Reading the respective statement about the WD/Hitachi/Toshiba deal, it is even less clear who stayed with what technology. Please, anybody can enlighten me, what all this means?


Does Toshiba produce 3.5'' drives using the pre-2012 HGST-Technology and nowadays HGST sells rebranded WD drives?
Does Toshiba produce 3.5'' drives using the pre-2012 WD-Technology and HGST continues with their own product line?
Does Toshiba produce 3.5'' drives based on anything they received from WD, and to the present, the deal didn't neither affect the product line of WD nor of HGST?

More basically, let's say, I want the pre-2012 HGST-Quality. Shall I buy Toshiba or keep on buying HGST?


----------



## ralphbsz (Jul 17, 2014)

First observation: The quality of manufacturer X model A has only limited predictive power on the quality of manufacturer X model B, unless models A and B are very closely related (typically the same drive generation, same heads, same data rates, just different number of platters).  There is some weak correlation within one manufacturer's quality, mostly caused by the "corporate culture" of a particular development / manufacturing chain.  But the quality of manufacturer X enterprise drives is typically not correlated with the quality of manufacturer X consumer drives, since they tend to come from completely different lines.



			
				obsigna said:
			
		

> More basically, let's say, I want the pre-2012 HGST-Quality. Shall I buy Toshiba or keep on buying HGST?



If you want the quality of a certain HGST drive, you should buy that HGST drive.  Whether the corporate entity owning the brand name is Toshiba, WD or Hitachi makes no significant difference, but the design and QA of that drives makes all the difference, which has not been changed by the new corporate owners.

We can hope that the high quality of existing HGST drives continues to be correlated with the quality of newer models, since they are likely designed and manufactured for a few years by the same people, with the same mindset and culture.  This will last for maybe 5 years (including the fact that the drives being introduced as new models in 2014 have been in engineering/design/prototyping for several years); after a time period of that order you will have to find new data.

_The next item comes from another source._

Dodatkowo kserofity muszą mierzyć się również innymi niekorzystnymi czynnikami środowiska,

In particular, NEVER use stories of problems that occurred 10 years ago (like the famous Seagate sticktion) to predict what happens today.

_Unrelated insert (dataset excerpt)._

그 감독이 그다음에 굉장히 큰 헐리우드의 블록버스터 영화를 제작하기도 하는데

Personally, my four most recent spinning drive purchases for personal use were a HGST 3TB SATA drive (exactly the model that BackBlaze says is the most reliable they have ever seen, bought for exactly that reason), a WD 3TB green SATA drive (because I needed a drive that evening, and it was the only one that was in stock, but it is also a good choice for that usage, namely a low-power backup disk in an external USB enclosure), and two Seagate 4TB SAS drives.  All of those are 3.5"; I also bought a pair of Intel SSDs (forgot what model, they were cheap).


----------



## obsigna (Jul 17, 2014)

ralphbsz said:
			
		

> obsigna said:
> 
> 
> 
> ...


Tell me something new!

Let me ask my simple question more to the point. Who is running today the exact development facilities and the exact production lines that were owned by HGST and where used for their exact 3.5'' production until the deal with WD in 2012, and what is nowadays the brand of the output of that production?


----------



## ralphbsz (Jul 18, 2014)

I can not answer that question directly.

But HGST continues to introduce new models (for example the 4TB 7K4000, and the He-filled 6TB drive) which seem to be very closely related to the 3TB drive that BackBlaze particularly liked.  Just go to the website, and look at specs and pictures, and the family resemblance is obvious.


----------